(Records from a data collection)
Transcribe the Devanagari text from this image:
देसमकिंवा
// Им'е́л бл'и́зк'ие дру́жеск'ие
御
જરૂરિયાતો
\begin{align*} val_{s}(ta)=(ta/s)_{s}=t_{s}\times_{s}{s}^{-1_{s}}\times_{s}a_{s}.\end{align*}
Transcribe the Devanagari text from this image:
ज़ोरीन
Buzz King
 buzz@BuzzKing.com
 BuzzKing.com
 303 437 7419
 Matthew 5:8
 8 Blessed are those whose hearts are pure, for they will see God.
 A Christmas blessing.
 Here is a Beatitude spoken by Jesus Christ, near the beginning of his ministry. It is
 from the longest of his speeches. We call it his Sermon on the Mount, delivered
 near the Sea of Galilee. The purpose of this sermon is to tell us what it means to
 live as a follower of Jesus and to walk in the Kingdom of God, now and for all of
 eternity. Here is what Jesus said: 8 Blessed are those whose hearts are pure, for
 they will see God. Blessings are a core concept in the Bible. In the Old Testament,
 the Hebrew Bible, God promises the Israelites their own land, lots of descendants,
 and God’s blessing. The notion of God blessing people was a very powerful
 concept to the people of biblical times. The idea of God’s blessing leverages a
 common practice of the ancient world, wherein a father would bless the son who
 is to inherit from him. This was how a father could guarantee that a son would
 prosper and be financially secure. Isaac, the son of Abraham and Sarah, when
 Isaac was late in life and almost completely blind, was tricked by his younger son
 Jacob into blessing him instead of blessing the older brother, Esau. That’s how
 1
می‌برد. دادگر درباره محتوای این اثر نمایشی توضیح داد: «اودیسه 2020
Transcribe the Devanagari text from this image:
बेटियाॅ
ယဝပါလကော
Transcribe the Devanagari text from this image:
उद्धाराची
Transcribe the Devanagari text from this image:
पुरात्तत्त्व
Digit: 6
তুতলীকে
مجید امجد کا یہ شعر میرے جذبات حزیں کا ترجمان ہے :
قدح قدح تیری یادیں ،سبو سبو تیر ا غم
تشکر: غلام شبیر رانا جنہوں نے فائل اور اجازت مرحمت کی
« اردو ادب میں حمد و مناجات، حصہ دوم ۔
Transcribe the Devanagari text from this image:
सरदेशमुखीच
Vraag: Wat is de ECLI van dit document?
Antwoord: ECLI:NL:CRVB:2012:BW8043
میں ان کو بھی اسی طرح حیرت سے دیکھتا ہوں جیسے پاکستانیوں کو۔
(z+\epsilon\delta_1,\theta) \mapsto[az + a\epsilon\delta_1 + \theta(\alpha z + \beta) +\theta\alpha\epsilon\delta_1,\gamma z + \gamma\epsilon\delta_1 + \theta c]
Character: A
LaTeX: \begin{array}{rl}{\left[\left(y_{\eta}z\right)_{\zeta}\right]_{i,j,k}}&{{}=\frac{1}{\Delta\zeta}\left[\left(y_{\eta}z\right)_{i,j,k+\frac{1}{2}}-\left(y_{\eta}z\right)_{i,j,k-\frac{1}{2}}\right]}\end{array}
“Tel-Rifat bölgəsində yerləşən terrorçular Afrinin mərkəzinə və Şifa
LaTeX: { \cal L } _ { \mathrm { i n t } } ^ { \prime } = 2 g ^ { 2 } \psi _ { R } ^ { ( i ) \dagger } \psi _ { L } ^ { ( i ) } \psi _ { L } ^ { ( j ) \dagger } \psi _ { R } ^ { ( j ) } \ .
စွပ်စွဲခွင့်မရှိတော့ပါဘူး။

What needs to be done
The answer should be the complete set of records, printed exactly.

Solution
Transcribe the Devanagari text from this image:
देसमकिंवा
// Им'е́л бл'и́зк'ие дру́жеск'ие
御
જરૂરિયાતો
\begin{align*} val_{s}(ta)=(ta/s)_{s}=t_{s}\times_{s}{s}^{-1_{s}}\times_{s}a_{s}.\end{align*}
Transcribe the Devanagari text from this image:
ज़ोरीन
Buzz King
 buzz@BuzzKing.com
 BuzzKing.com
 303 437 7419
 Matthew 5:8
 8 Blessed are those whose hearts are pure, for they will see God.
 A Christmas blessing.
 Here is a Beatitude spoken by Jesus Christ, near the beginning of his ministry. It is
 from the longest of his speeches. We call it his Sermon on the Mount, delivered
 near the Sea of Galilee. The purpose of this sermon is to tell us what it means to
 live as a follower of Jesus and to walk in the Kingdom of God, now and for all of
 eternity. Here is what Jesus said: 8 Blessed are those whose hearts are pure, for
 they will see God. Blessings are a core concept in the Bible. In the Old Testament,
 the Hebrew Bible, God promises the Israelites their own land, lots of descendants,
 and God’s blessing. The notion of God blessing people was a very powerful
 concept to the people of biblical times. The idea of God’s blessing leverages a
 common practice of the ancient world, wherein a father would bless the son who
 is to inherit from him. This was how a father could guarantee that a son would
 prosper and be financially secure. Isaac, the son of Abraham and Sarah, when
 Isaac was late in life and almost completely blind, was tricked by his younger son
 Jacob into blessing him instead of blessing the older brother, Esau. That’s how
 1
می‌برد. دادگر درباره محتوای این اثر نمایشی توضیح داد: «اودیسه 2020
Transcribe the Devanagari text from this image:
बेटियाॅ
ယဝပါလကော
Transcribe the Devanagari text from this image:
उद्धाराची
Transcribe the Devanagari text from this image:
पुरात्तत्त्व
Digit: 6
তুতলীকে
مجید امجد کا یہ شعر میرے جذبات حزیں کا ترجمان ہے :
قدح قدح تیری یادیں ،سبو سبو تیر ا غم
تشکر: غلام شبیر رانا جنہوں نے فائل اور اجازت مرحمت کی
« اردو ادب میں حمد و مناجات، حصہ دوم ۔
Transcribe the Devanagari text from this image:
सरदेशमुखीच
Vraag: Wat is de ECLI van dit document?
Antwoord: ECLI:NL:CRVB:2012:BW8043
میں ان کو بھی اسی طرح حیرت سے دیکھتا ہوں جیسے پاکستانیوں کو۔
(z+\epsilon\delta_1,\theta) \mapsto[az + a\epsilon\delta_1 + \theta(\alpha z + \beta) +\theta\alpha\epsilon\delta_1,\gamma z + \gamma\epsilon\delta_1 + \theta c]
Character: A
LaTeX: \begin{array}{rl}{\left[\left(y_{\eta}z\right)_{\zeta}\right]_{i,j,k}}&{{}=\frac{1}{\Delta\zeta}\left[\left(y_{\eta}z\right)_{i,j,k+\frac{1}{2}}-\left(y_{\eta}z\right)_{i,j,k-\frac{1}{2}}\right]}\end{array}
“Tel-Rifat bölgəsində yerləşən terrorçular Afrinin mərkəzinə və Şifa
LaTeX: { \cal L } _ { \mathrm { i n t } } ^ { \prime } = 2 g ^ { 2 } \psi _ { R } ^ { ( i ) \dagger } \psi _ { L } ^ { ( i ) } \psi _ { L } ^ { ( j ) \dagger } \psi _ { R } ^ { ( j ) } \ .
စွပ်စွဲခွင့်မရှိတော့ပါဘူး။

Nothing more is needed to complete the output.